17 Pages are specific to the practice with a further 9 dedicated to the legal implications.

Anyone who owns a dog even if not in Wales, should have a look at this, and as said l will try and find the link in the Assembly itself.

This is the introduction, and l think it relatively safe to say that when the codes do become active in England, all the codes will be written as such.

Dog code 2007 Draft 
CODE OF PRACTICE FOR THE WELFARE OF DOGS​Preface 

The aim of this code is to help you to look after your dog properly. Under the Animal Welfare Act 2006 ("the Act"), if you own or are responsible for an animal, you have a legal duty to take reasonable steps to ensure its welfare needs are met.

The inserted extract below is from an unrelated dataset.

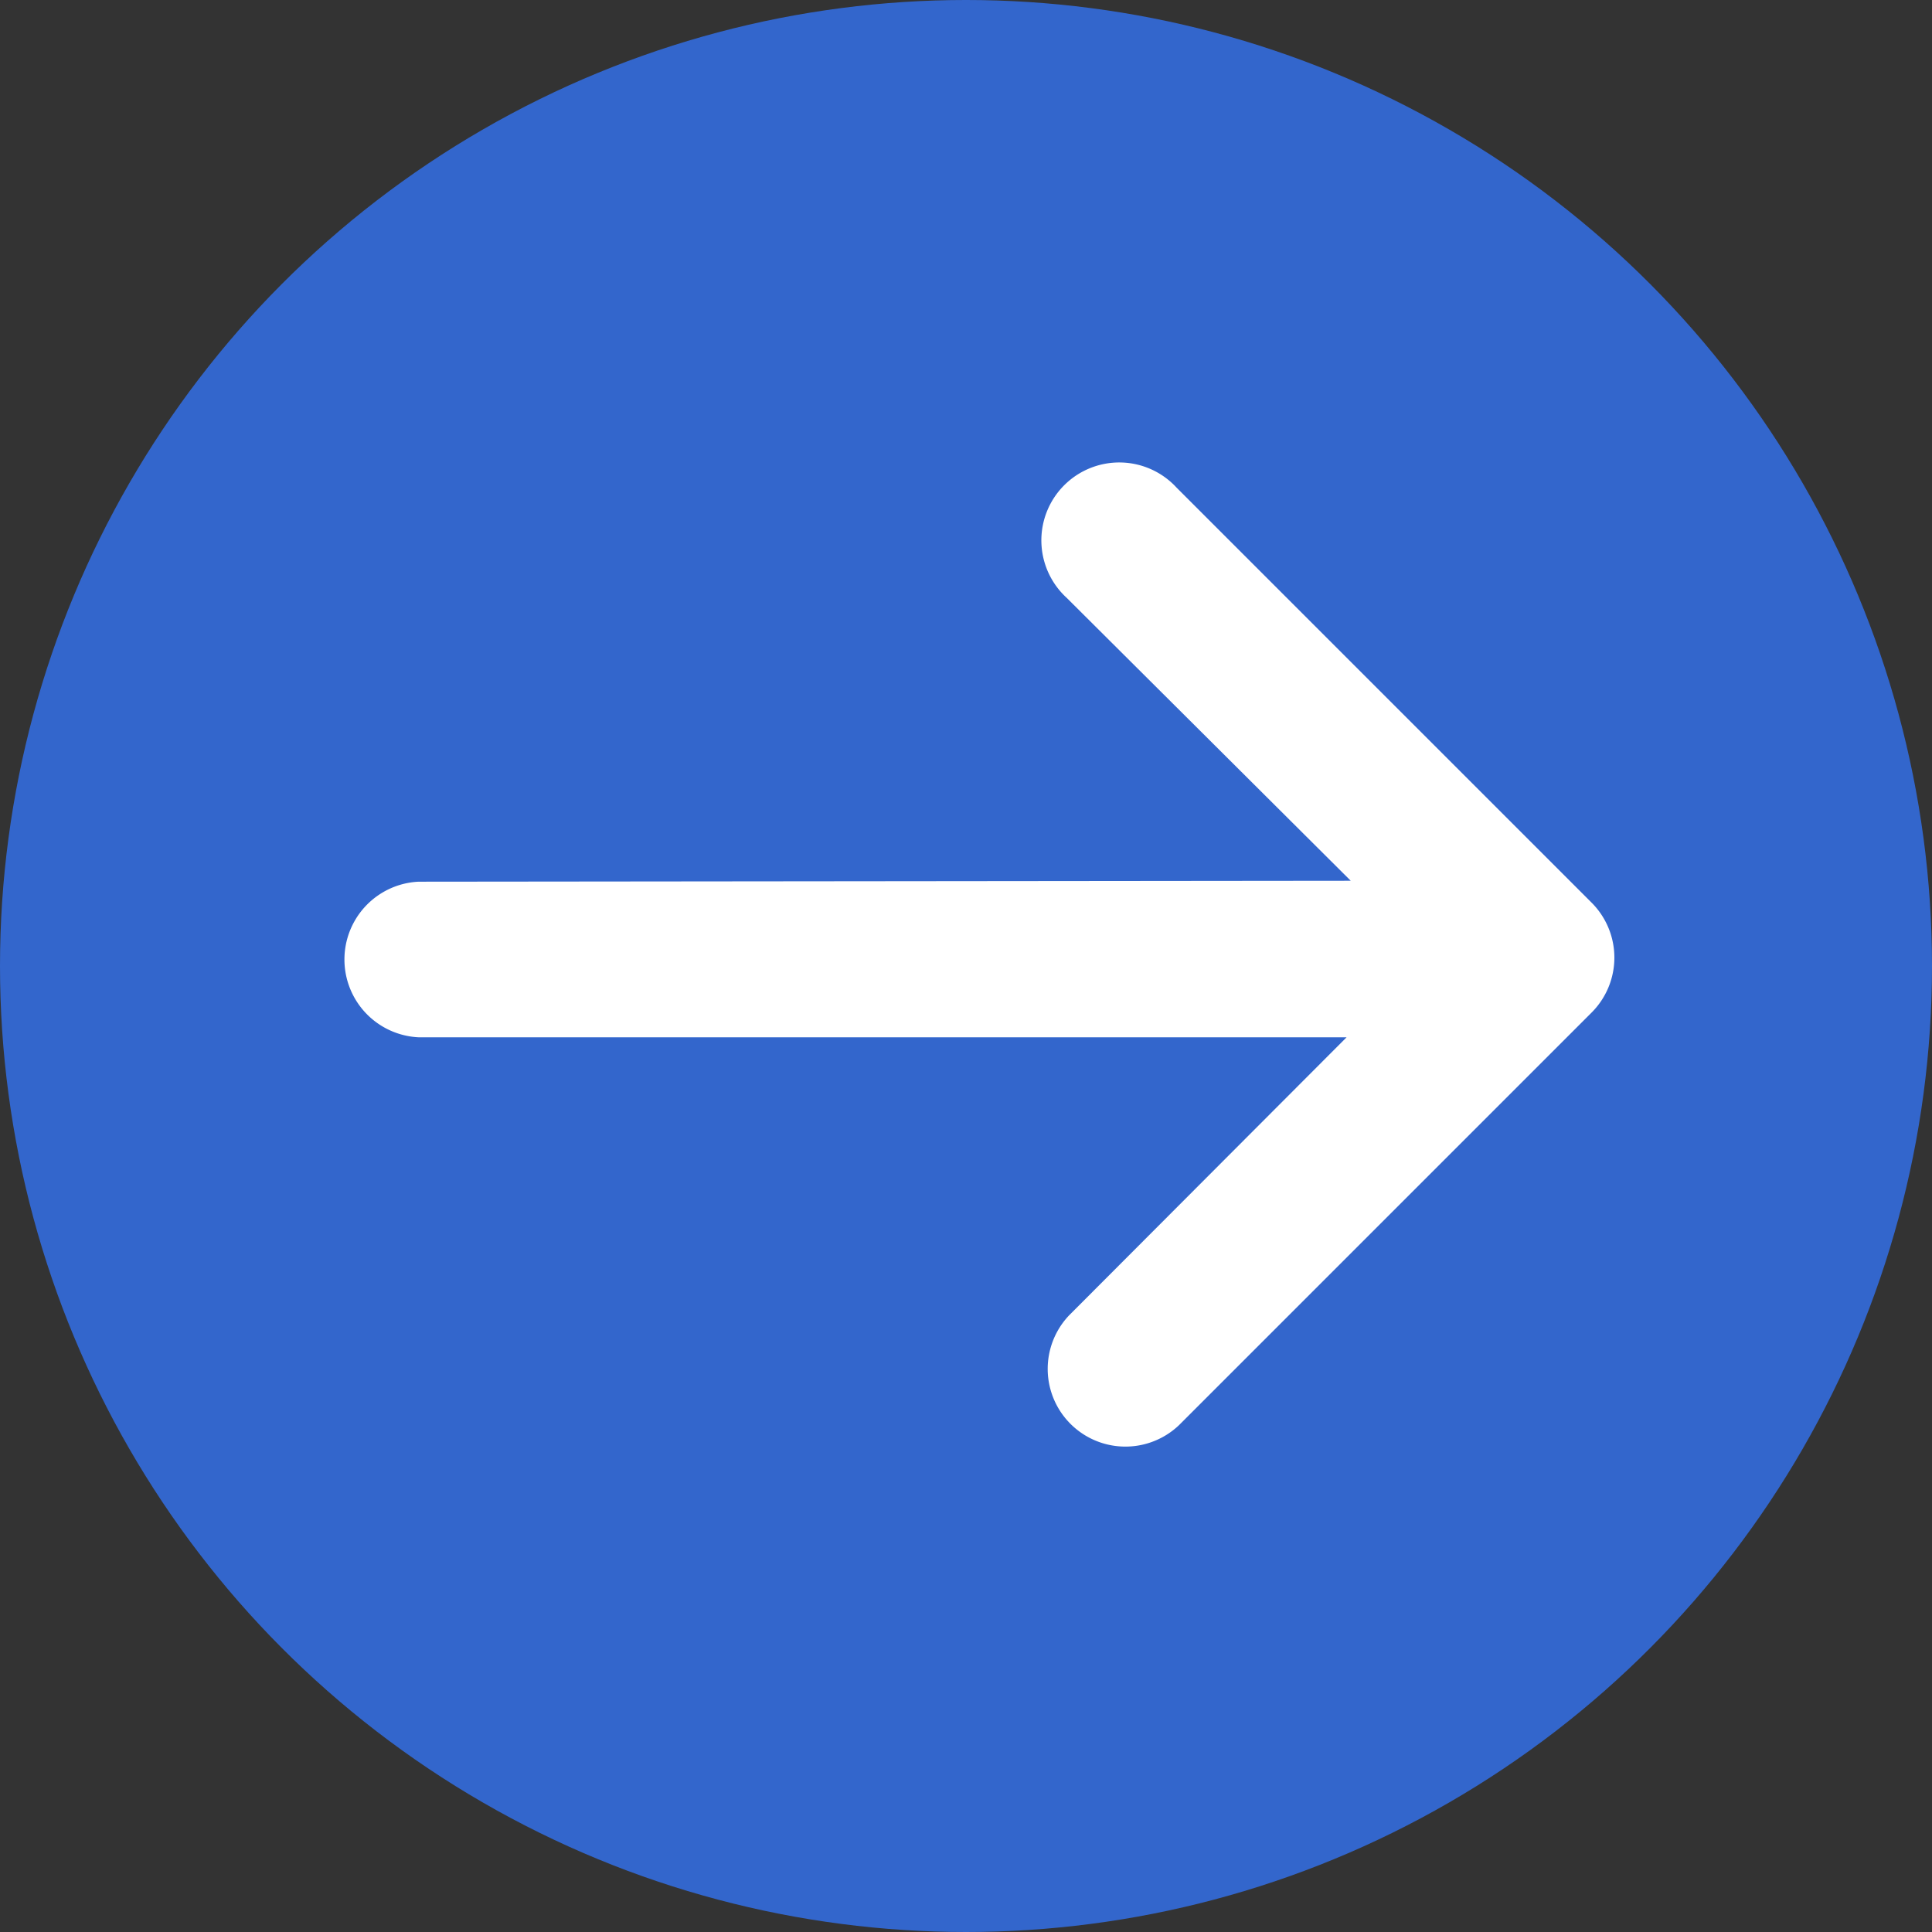 <?xml version="1.0" encoding="UTF-8"?> <svg xmlns="http://www.w3.org/2000/svg" viewBox="0 0 102.44 102.44"><rect x="0" y="0" width="102.44" height="102.44" fill="#333333" stroke="none"/><defs><style>.cls-1{fill:#36c;}.cls-2{fill:#fff;}</style></defs><circle class="cls-1" cx="51.22" cy="51.22" r="51.22"></circle><path class="cls-2" d="M84.39,47.86l-22-22a4.13,4.13,0,1,0-5.83,5.84h0l15.06,15-49.43.05a4.13,4.13,0,0,0,0,8.25h0L71.4,55,56.69,69.74a4.12,4.12,0,0,0,5.83,5.82L84.39,53.69A4.12,4.12,0,0,0,84.39,47.86Z"></path></svg>

This code explains what you need to do to meet the standard of care the law requires. 

If you are a parent or guardian of a child less than 16 years old, you are responsible for any animal that child is in charge of or owns. 

Breach of a provision of the code is not an offence in itself, but if proceedings are brought against you for a welfare offence under the Act, the court may take into account the extent to which you have complied with the code in deciding whether you have committed an offence or have met the required standard of care. You should also be aware that failure to meet your ‘duty of care’ may cause unnecessary suffering, leading to the more serious offence of cruelty under the Act. 

The code features information shown in shaded boxes which highlight and summarise the guidance in sections 1 to 5. 

You will also find reference in the code to ‘pet care specialists’. These are people who, through qualification or experience, can provide expert advice on welfare and some aspects of health for one or more types of pet animal. Examples are animal behaviourists, veterinary nurses and dedicated welfare organisations. 

To find out more about the Animal Welfare Act 2006, your responsibilities under it, and other legislation relating to dogs, see Appendix 1 at the end of this code. For further links, including links to other sources of information, see Appendix 2. 

You should be aware that the legislation cited in the code and Appendix 1 is correct at the date of issue but may be subject to subsequent change. 
This preface is not part of the code but is intended to explain its purpose and broad aims. Similarly Appendix 1, which provides information on the relevant legal requirements and Appendix 2, which lists some additional sources of information, are not part of the code itself. 

Date issued: December 2007 

Rory Matier
*


----------